[What you need to do] Omit all pictures and give the records below again exactly as written.

[Opening Data to examine section]

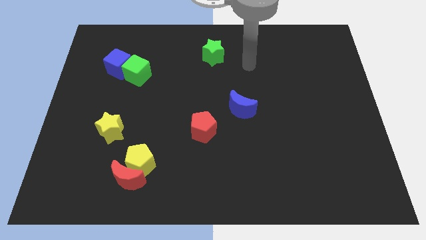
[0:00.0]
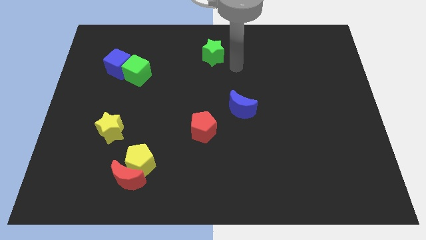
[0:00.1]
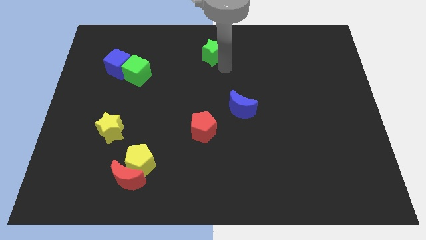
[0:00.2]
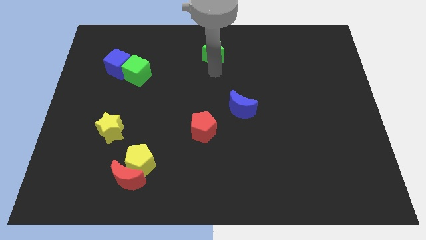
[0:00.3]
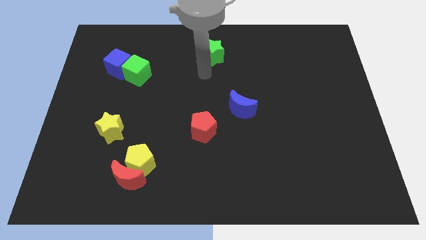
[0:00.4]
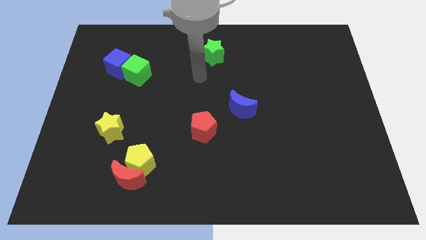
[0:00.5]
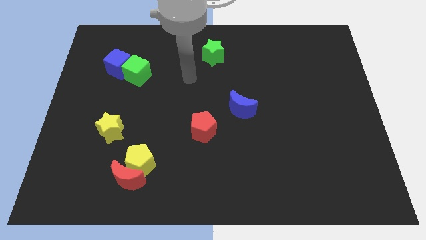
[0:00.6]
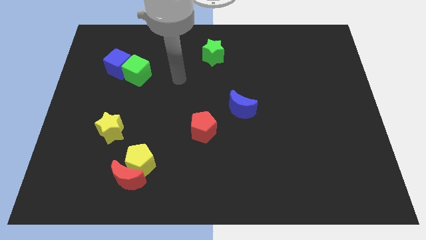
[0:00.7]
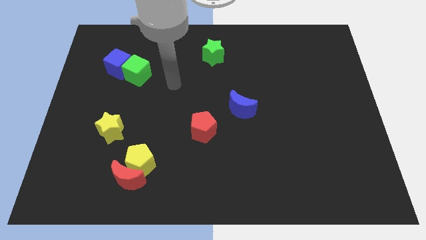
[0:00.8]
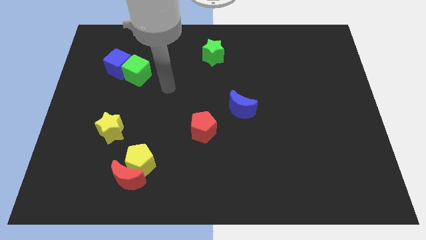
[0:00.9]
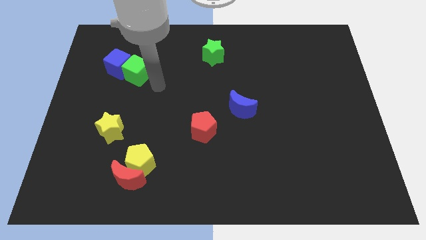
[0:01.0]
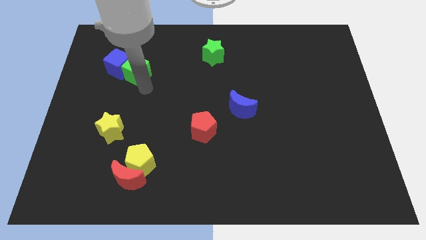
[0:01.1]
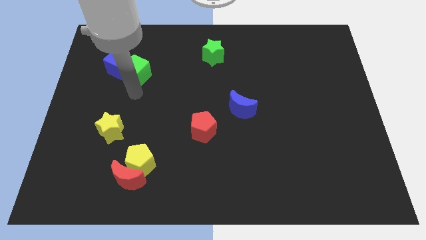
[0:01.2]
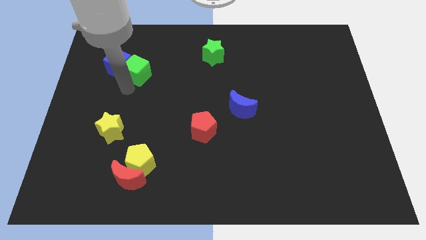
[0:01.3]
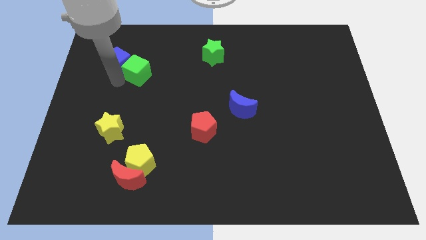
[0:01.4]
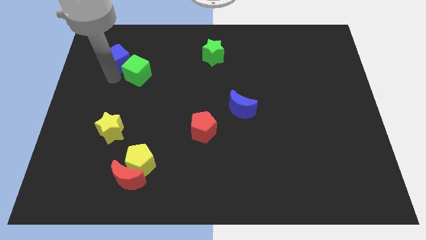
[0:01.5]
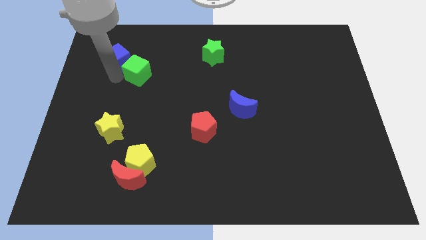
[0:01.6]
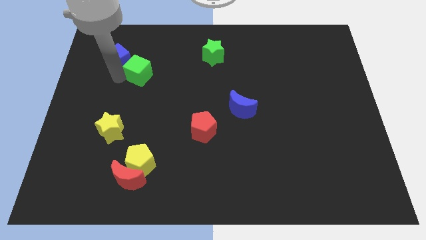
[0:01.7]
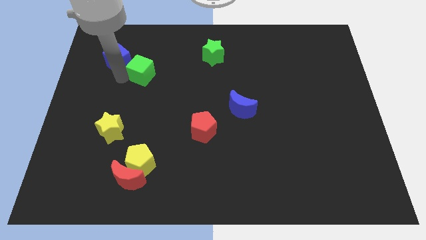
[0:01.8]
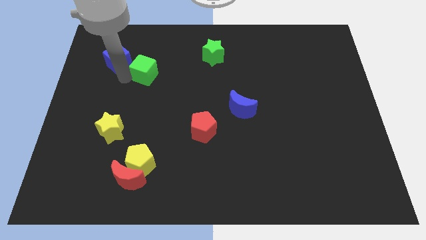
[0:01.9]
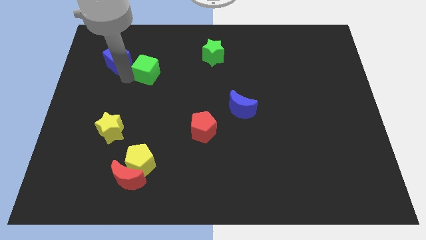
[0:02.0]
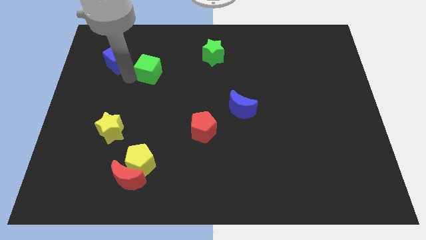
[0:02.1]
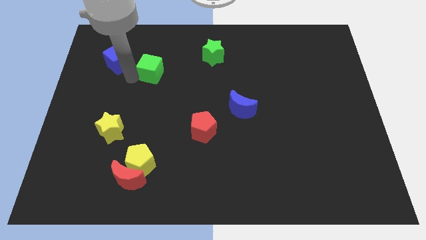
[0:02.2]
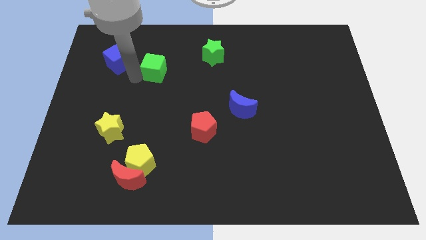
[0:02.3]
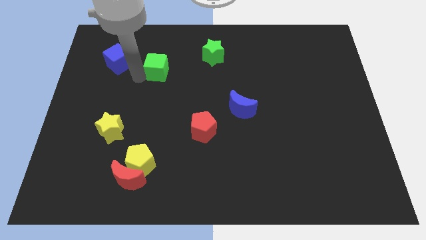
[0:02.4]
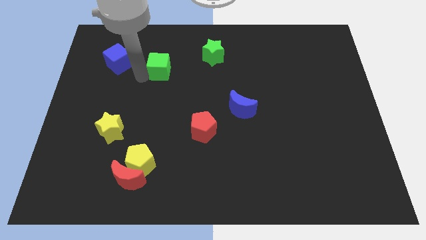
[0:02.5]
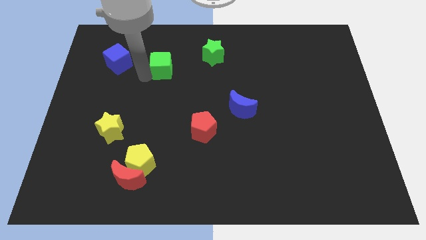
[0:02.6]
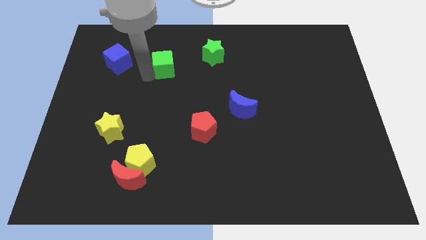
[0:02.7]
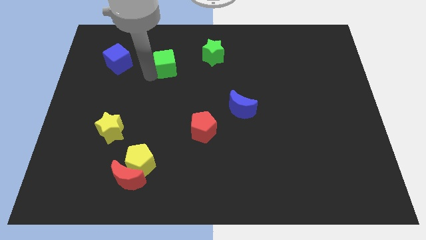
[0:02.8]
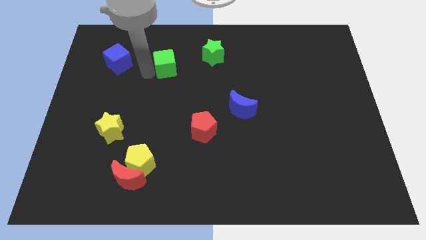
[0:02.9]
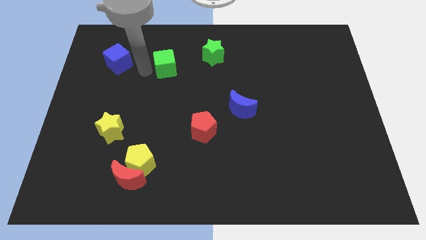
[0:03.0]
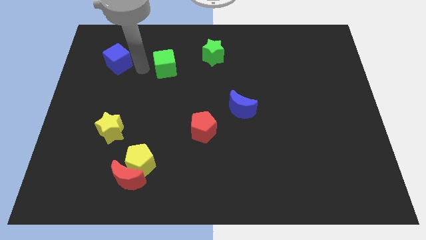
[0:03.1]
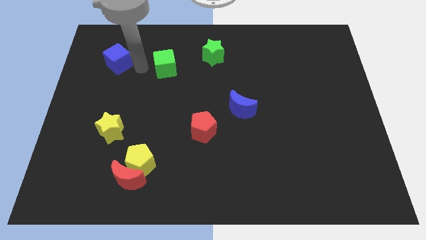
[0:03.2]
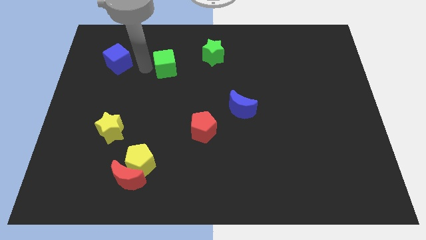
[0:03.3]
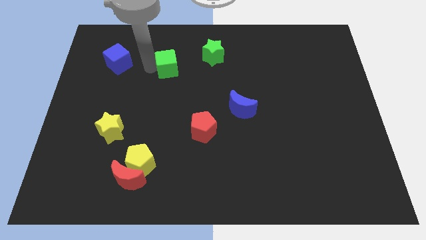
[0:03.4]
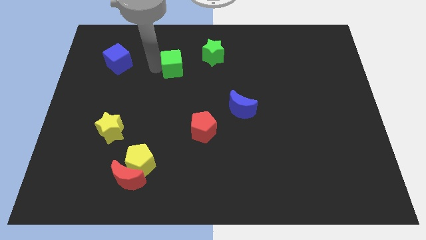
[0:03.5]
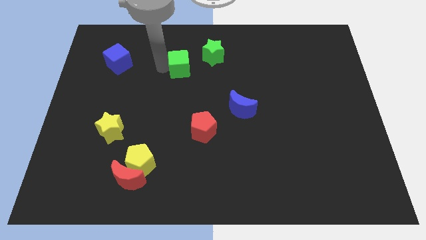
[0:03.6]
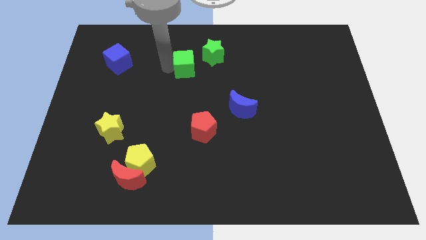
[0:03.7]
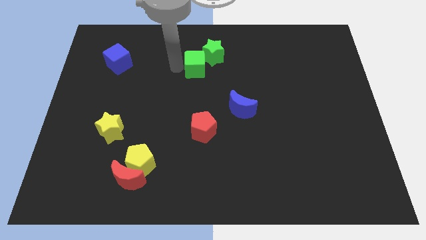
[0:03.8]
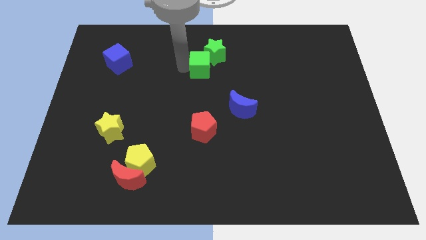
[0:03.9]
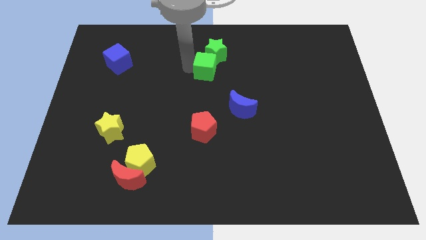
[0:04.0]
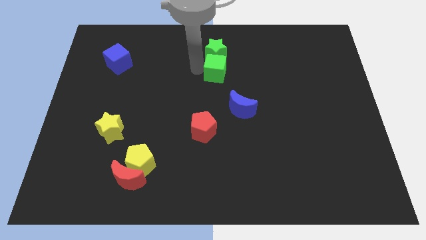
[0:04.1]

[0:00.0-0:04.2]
slide the green cube to the bottom right of the green star

[Closing Data to examine section]

[Answer to the problem]
[0:00.0]
[0:00.1]
[0:00.2]
[0:00.3]
[0:00.4]
[0:00.5]
[0:00.6]
[0:00.7]
[0:00.8]
[0:00.9]
[0:01.0]
[0:01.1]
[0:01.2]
[0:01.3]
[0:01.4]
[0:01.5]
[0:01.6]
[0:01.7]
[0:01.8]
[0:01.9]
[0:02.0]
[0:02.1]
[0:02.2]
[0:02.3]
[0:02.4]
[0:02.5]
[0:02.6]
[0:02.7]
[0:02.8]
[0:02.9]
[0:03.0]
[0:03.1]
[0:03.2]
[0:03.3]
[0:03.4]
[0:03.5]
[0:03.6]
[0:03.7]
[0:03.8]
[0:03.9]
[0:04.0]
[0:04.1]

[0:00.0-0:04.2]
slide the green cube to the bottom right of the green star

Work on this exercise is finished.